This proof is fairly detailed, so feel free to try it out with specific numbers. It proceeds via induction on the degree \(d\) of the polynomial.

First, consider the case where there are no solutions to \(f(x)\equiv 0\) (mod \(p\)). Then there is nothing further to prove, since \(0\leq d\) for any polynomial. This actually proves a base case, for if the degree is \(d=0\) then \(f(x)=c\) for \(c\neq 0\). (If \(c=0\) we have the trivial polynomial, which is not a covered case.)

For another base case, suppose that the degree \(d=1\). Then we have \(ax+b\equiv 0\) (mod \(p\)), which is the same as \(ax\equiv -b\) (mod \(p\)). In this case \(\gcd(a,p)=1\) and there is exactly one solution by Proposition 5.1.2 (if \(ax+b\) is actually going to have a linear term, otherwise \(p\mid a\)).

Now we'll use some induction. Let's assume that all polynomials with degree \(e\) less than \(d\) have at most \(e\) solutions modulo \(p\).

• So assume that \(f\) has degree \(d\), i.e. \begin{equation*}f(x)=a_dx^d+a_{d-1}x^{d-1}+\cdots +a_1x+a_0\end{equation*} We already dealt with the case where \(f\) has no solutions, so assume that \(f(b)\equiv 0\) (mod \(p\)) for at least one congruence class \([b]\).
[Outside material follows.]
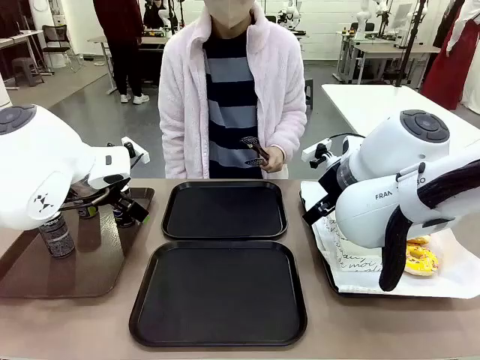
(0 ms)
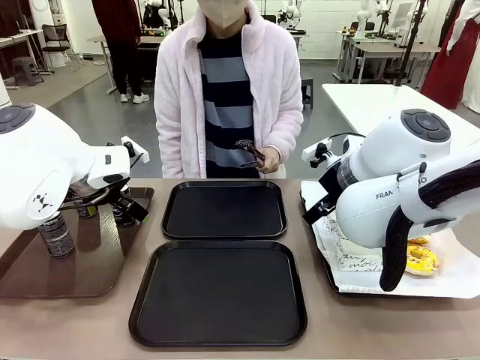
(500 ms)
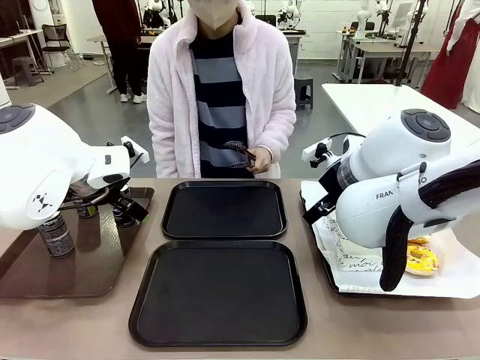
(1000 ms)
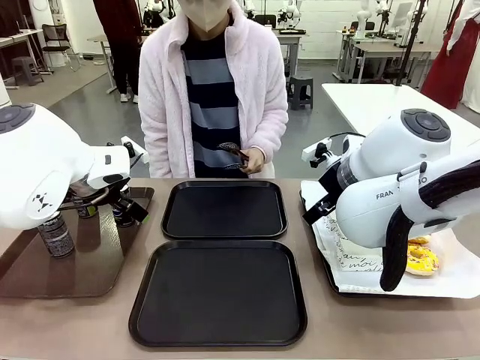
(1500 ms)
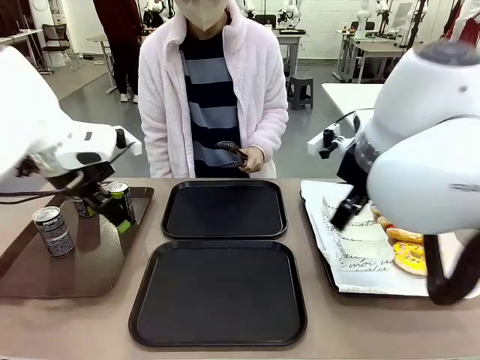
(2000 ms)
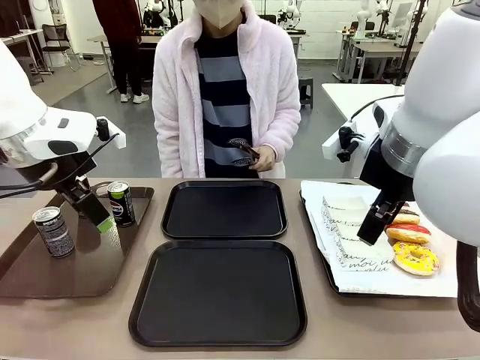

• Remember the factorization \begin{equation*}\left(x^k-b^k\right)=(x-b)\left(x^{k-1}+\cdots+b^{k-1}\right)\end{equation*} (We could have used this to prove Fact 4.2.3.) Now let's apply that to \begin{equation*}f(x)-f(b)\equiv f(x)\equiv\end{equation*} \begin{equation*}\left(a_dx^d+a_{d-1}x^{d-1}+\cdots +a_1x+a_0\right)-\left(a_d b^d+a_{d-1}b^{d-1}+\cdots +a_1 b+a_0\right)=\end{equation*} \begin{equation*}a_d\left(x^d-b^d\right)+a_{d-1}\left(x^{d-1}-b^{d-1}\right)+\cdots +a_1(x-b)\end{equation*} to get \begin{equation*}(x-b)\cdot \left(\text{A bunch of stuff, but factored out and hence of lower degree}\right)\; .\end{equation*}

• Now consider the condition that \(f(x)\equiv 0\). Based on this, it can be written in two ways, recalling that \(f(b)\equiv 0\):

  • \(f(x)\equiv 0\)

  • \(f(x)\equiv f(x)-f(b)\equiv (x-b)\cdot \text{Stuff}(x)\)

  Therefore \begin{equation*}f(x)\equiv (x-b)\cdot \text{Stuff}(x)\equiv 0\text{ (mod }p)\end{equation*} implies that \(p\) divides the product of \(x-b\) and the stuff.

• The “Stuff” function must be a polynomial of degree less than \(d\), so we can assume there are at most \(d-1\) solutions to it modulo \(p\). There is only one extra way to divide \(x-b\), so there are at most \(d\) solutions available for \(f(x)\), including \(x\equiv b\).

• But \(f(x)\) was an arbitrary polynomial of degree \(d\), so it works for all polynomials of degree \(d\).

So by induction, it works for any polynomial.